Dataset items:
################

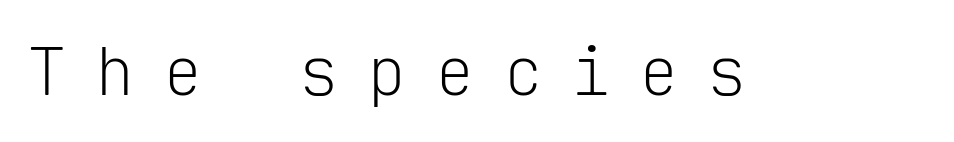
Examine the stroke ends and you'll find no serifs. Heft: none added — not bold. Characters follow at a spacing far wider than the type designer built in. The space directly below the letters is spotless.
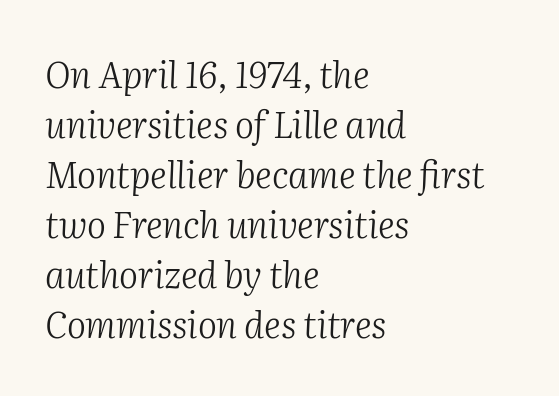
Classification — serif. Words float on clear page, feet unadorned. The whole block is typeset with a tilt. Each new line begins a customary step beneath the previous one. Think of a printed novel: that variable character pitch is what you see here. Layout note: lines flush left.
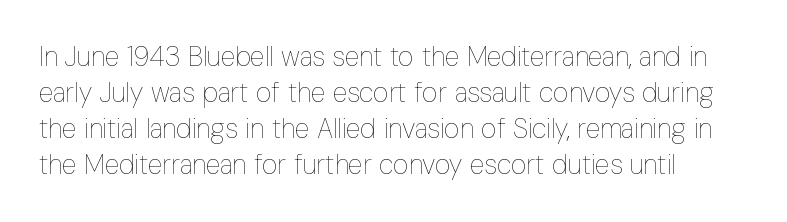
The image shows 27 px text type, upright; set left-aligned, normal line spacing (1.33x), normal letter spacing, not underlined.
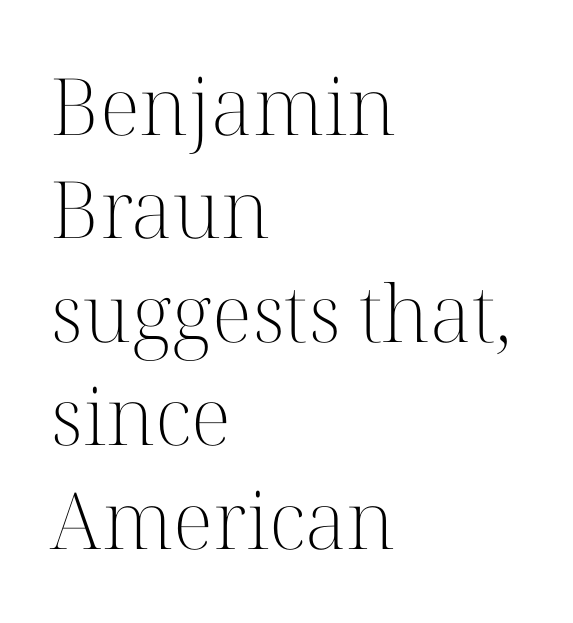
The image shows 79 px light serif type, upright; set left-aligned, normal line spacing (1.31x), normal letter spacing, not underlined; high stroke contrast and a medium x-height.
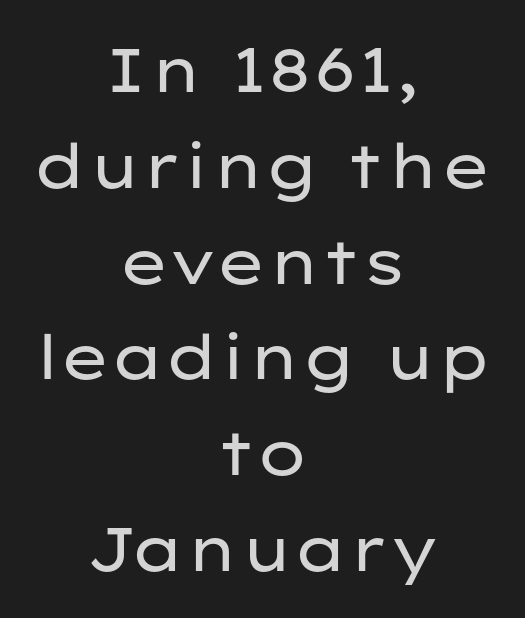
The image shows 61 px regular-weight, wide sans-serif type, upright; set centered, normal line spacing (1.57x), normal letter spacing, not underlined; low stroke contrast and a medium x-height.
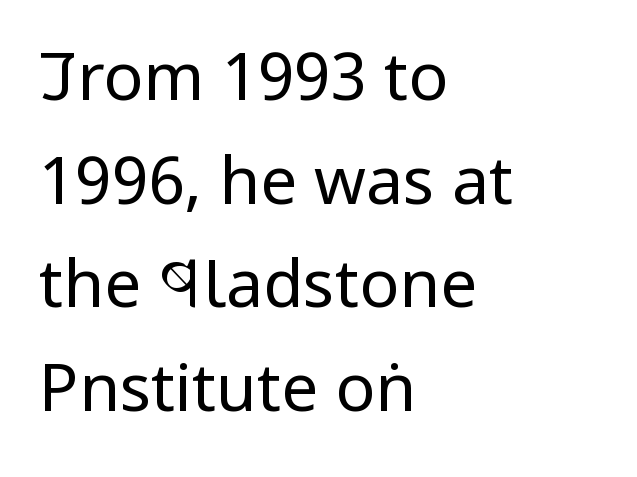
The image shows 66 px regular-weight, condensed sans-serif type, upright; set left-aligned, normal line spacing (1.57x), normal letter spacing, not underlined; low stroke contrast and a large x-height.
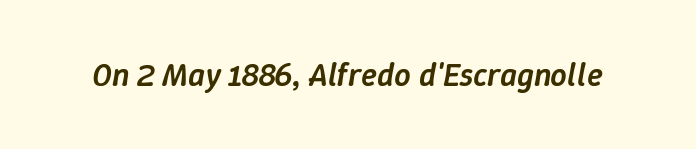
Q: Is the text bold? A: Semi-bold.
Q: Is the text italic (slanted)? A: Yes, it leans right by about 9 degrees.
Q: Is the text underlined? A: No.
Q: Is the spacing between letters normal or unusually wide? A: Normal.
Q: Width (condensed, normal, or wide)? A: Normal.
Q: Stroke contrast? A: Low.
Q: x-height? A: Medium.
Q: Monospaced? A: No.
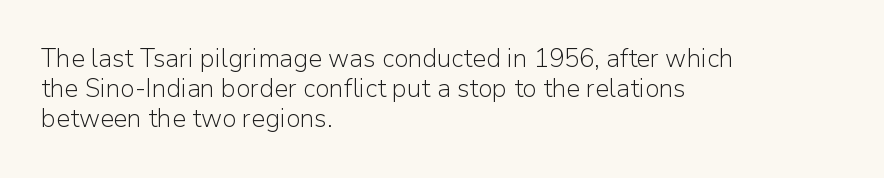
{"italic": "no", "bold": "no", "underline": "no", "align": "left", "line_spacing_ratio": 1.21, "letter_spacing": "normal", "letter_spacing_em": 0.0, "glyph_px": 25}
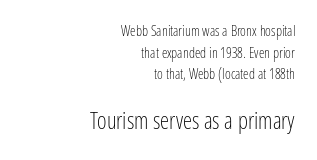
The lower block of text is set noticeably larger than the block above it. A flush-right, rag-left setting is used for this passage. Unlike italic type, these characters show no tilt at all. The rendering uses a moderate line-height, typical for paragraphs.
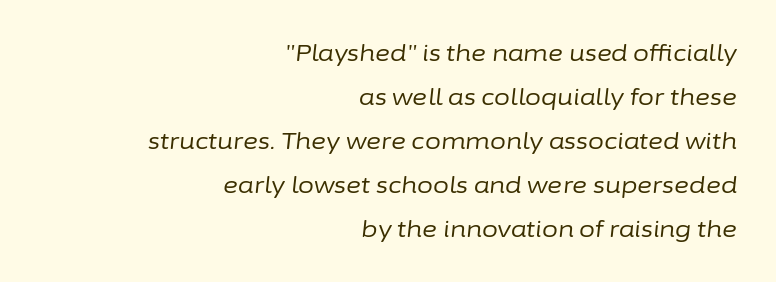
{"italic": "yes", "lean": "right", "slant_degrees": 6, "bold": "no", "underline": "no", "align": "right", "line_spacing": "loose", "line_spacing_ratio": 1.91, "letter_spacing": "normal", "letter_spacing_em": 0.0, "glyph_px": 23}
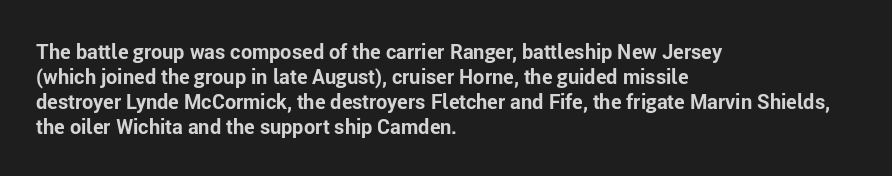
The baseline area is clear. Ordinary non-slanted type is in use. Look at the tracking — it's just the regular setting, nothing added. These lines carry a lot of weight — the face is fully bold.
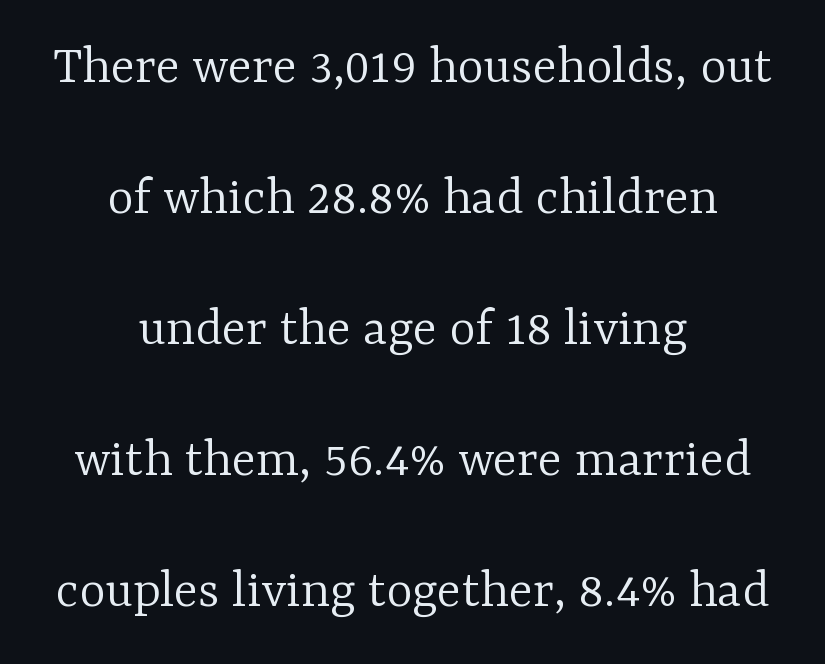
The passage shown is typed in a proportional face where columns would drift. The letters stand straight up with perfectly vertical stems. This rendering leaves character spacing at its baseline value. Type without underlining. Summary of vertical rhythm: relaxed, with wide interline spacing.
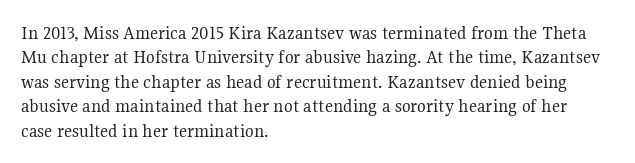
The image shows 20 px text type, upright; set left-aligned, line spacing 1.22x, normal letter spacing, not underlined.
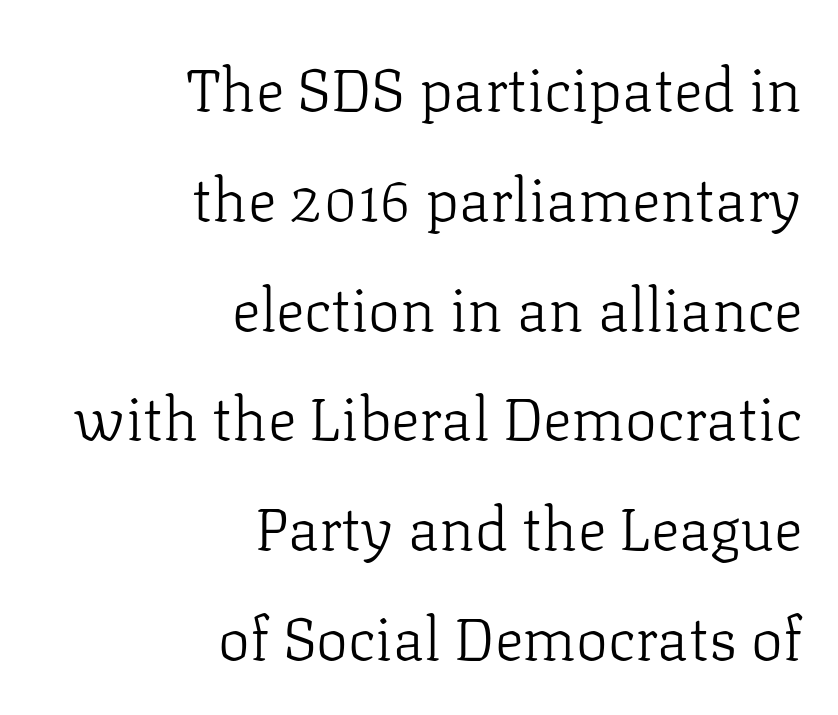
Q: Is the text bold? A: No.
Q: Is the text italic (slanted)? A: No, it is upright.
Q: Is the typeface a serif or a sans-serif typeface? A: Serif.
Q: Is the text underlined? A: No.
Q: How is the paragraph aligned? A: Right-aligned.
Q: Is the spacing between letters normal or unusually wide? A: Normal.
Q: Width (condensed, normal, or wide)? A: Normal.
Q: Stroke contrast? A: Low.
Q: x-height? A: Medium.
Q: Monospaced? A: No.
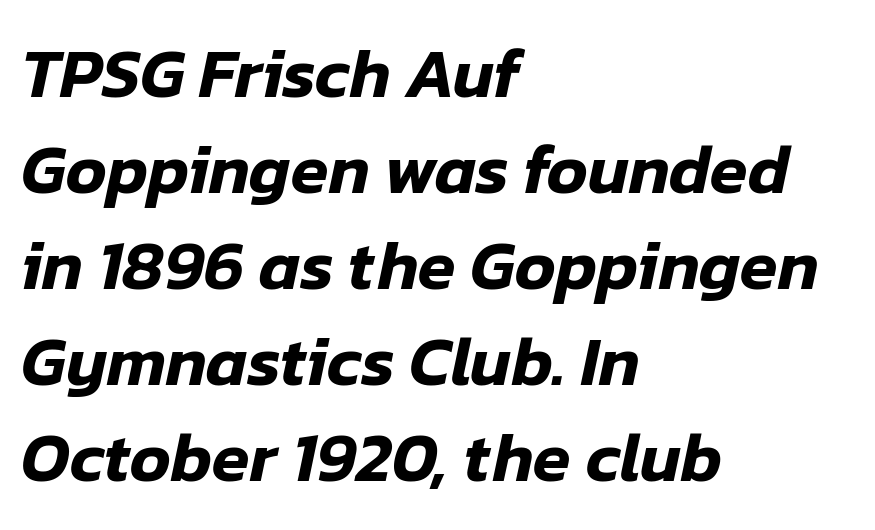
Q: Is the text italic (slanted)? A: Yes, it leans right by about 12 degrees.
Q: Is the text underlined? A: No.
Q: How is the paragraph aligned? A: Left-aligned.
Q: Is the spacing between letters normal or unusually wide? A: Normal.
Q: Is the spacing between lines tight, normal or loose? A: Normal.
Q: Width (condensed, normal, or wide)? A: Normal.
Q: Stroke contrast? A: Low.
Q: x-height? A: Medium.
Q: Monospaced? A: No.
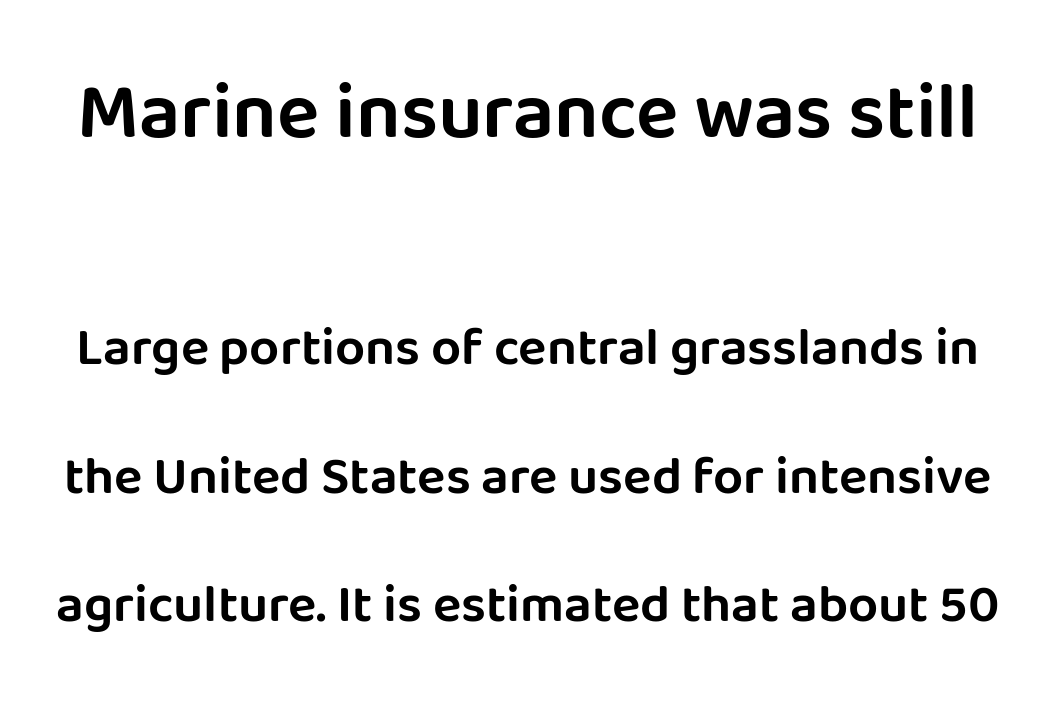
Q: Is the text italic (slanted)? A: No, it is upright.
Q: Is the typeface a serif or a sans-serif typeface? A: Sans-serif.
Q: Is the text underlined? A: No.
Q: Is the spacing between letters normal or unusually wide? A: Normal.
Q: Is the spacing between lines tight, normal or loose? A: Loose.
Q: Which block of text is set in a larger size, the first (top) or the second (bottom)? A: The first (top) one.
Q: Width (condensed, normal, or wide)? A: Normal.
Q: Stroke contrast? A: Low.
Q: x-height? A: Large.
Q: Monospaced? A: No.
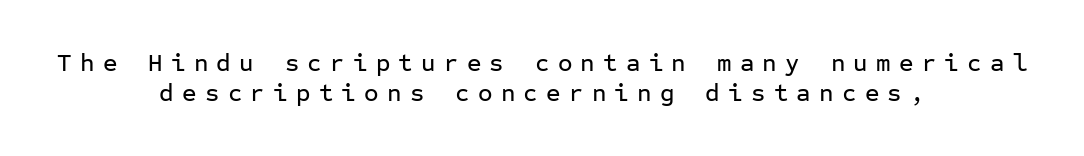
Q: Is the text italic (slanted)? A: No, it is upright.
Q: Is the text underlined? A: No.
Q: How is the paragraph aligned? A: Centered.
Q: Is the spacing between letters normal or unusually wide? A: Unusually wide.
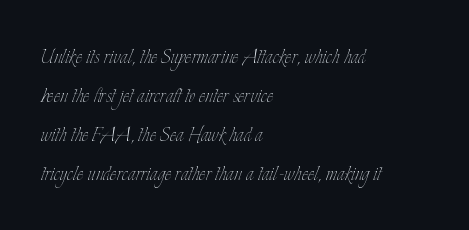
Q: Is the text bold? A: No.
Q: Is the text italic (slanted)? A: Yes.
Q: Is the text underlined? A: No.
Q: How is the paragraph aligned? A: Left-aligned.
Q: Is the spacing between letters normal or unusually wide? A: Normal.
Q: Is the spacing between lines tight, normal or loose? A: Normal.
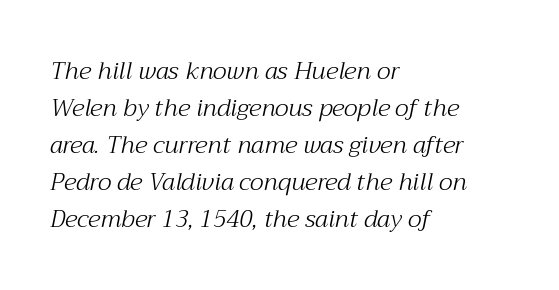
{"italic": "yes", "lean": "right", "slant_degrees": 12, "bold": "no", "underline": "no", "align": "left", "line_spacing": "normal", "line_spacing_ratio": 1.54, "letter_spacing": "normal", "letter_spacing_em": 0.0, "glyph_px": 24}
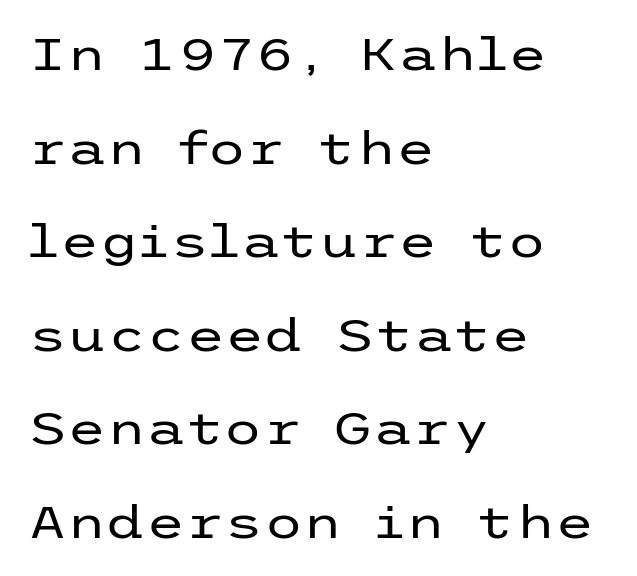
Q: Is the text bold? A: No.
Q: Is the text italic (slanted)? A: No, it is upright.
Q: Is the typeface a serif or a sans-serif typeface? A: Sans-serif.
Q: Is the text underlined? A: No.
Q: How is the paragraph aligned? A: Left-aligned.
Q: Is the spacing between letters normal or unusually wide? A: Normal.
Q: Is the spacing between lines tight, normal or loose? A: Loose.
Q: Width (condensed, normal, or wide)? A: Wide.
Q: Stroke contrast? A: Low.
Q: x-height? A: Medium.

################

PROMPT:
Set down exactly the lines from the start of the records through the line containing "Classification — serif.", both included, and omit the pictures.

REPLY:
Examine the stroke ends and you'll find no serifs. Heft: none added — not bold. Characters follow at a spacing far wider than the type designer built in. The space directly below the letters is spotless.
Classification — serif. Words float on clear page, feet unadorned. The whole block is typeset with a tilt. Each new line begins a customary step beneath the previous one. Think of a printed novel: that variable character pitch is what you see here. Layout note: lines flush left.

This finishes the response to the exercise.